SOME months ago, on a warm Friday evening in Accra, Ghana, I found myself in an all-night prayer session with a charismatic evangelical church. All-night prayer has become wildly popular in the city, somewhat to the distress of those who object to the late-night noise, which rivals that of an American frat party.
But the people who attend love them, because the long stretch of time allows them to pray more intensely than a mere two-hour Sunday morning service will allow. On this Friday night, the focus of our prayers was a story in the Book of Acts.
The Apostle Paul, arriving at an island on his journey to share the Gospel, picked up some brushwood for a fire, and a startled viper within it leapt out and bit his hand. When the islanders saw the snake hanging from his hand, they thought that he would die. But Paul shook the viper off and lived. The pastor applied the Scripture to our lives: “Say it out loud!” he shouted. “Every viper sticking to my hands, my marriage, my career, my destiny, I shake it off. I shake it off!” The 200 people around me jumped up and down and shook their hands with fury, hurling invisible and metaphorical vipers into the air.

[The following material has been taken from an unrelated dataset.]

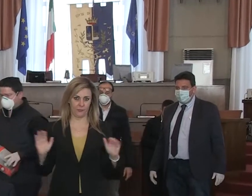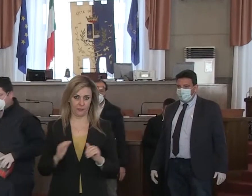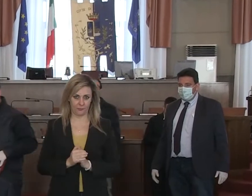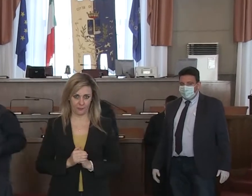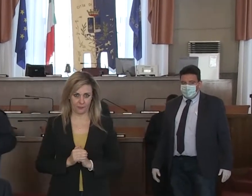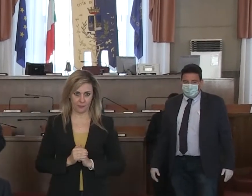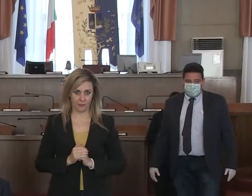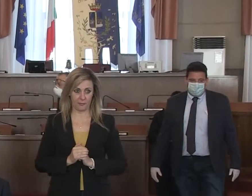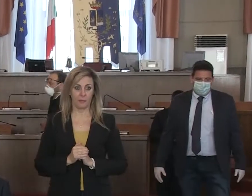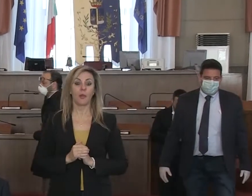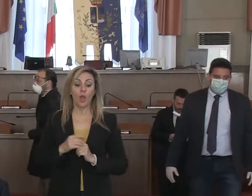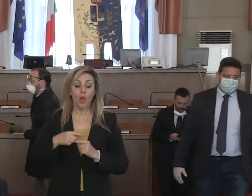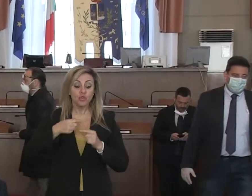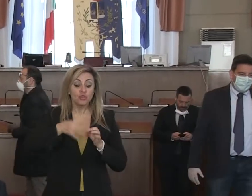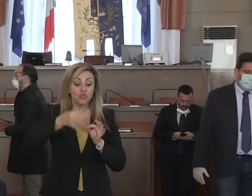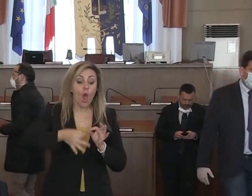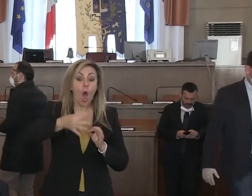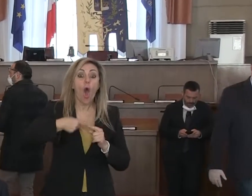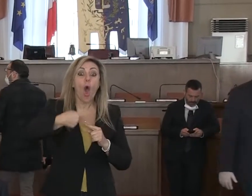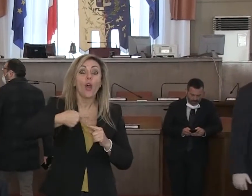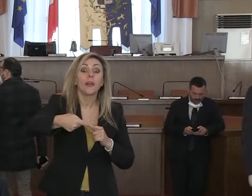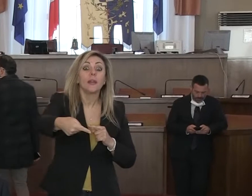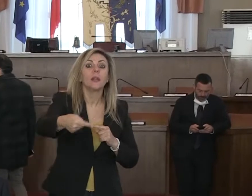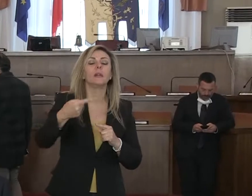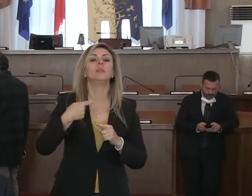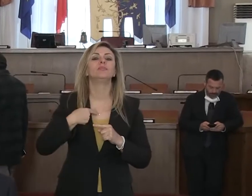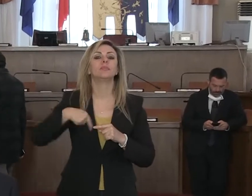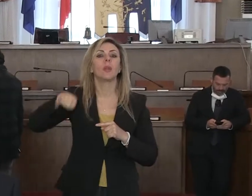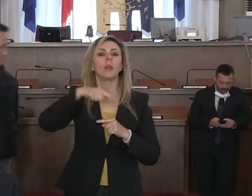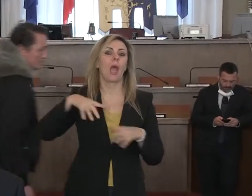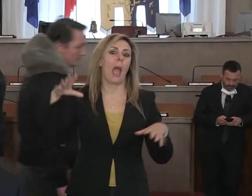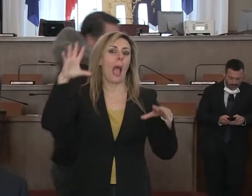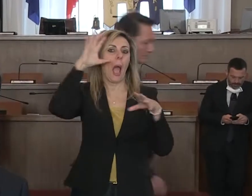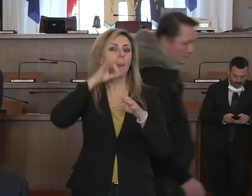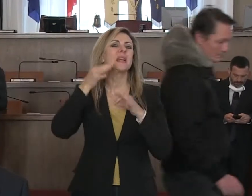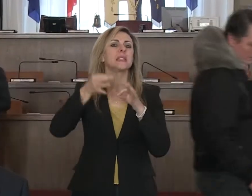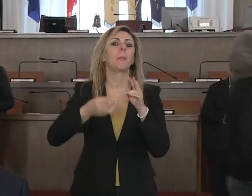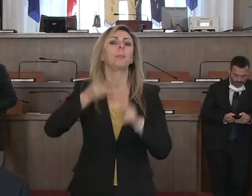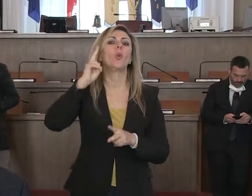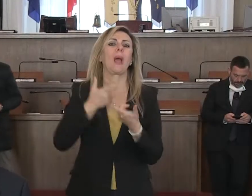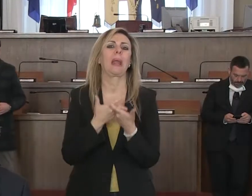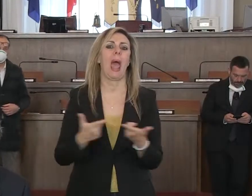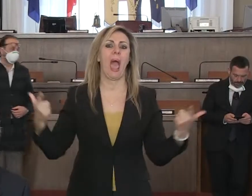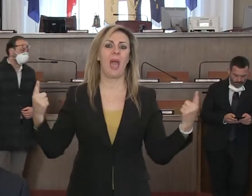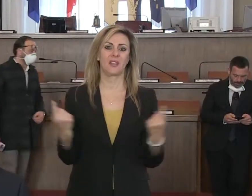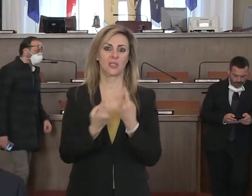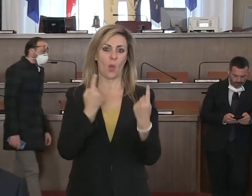Più passano i giorni più si comprende la serietà e la gravità della situazione.

To be in Africa is to encounter a God different from that of a charismatic church in the United States. People say that the boundary between the supernatural and the natural is thinner there. Certainly religion is everywhere — churches and church billboards seem to be on every street — and atheists are few. American evangelicals often say that faith is more intense in Africa. There is something to this. Compared with Ghanaian charismatic Christianity, American Christianity can seem like soggy toast.
It is not just the intensity that seems different. In these churches, prayer is warfare. The new charismatic Christian churches in Accra imagine a world swarming with evil forces that attack your body, your family and your means of earning a living.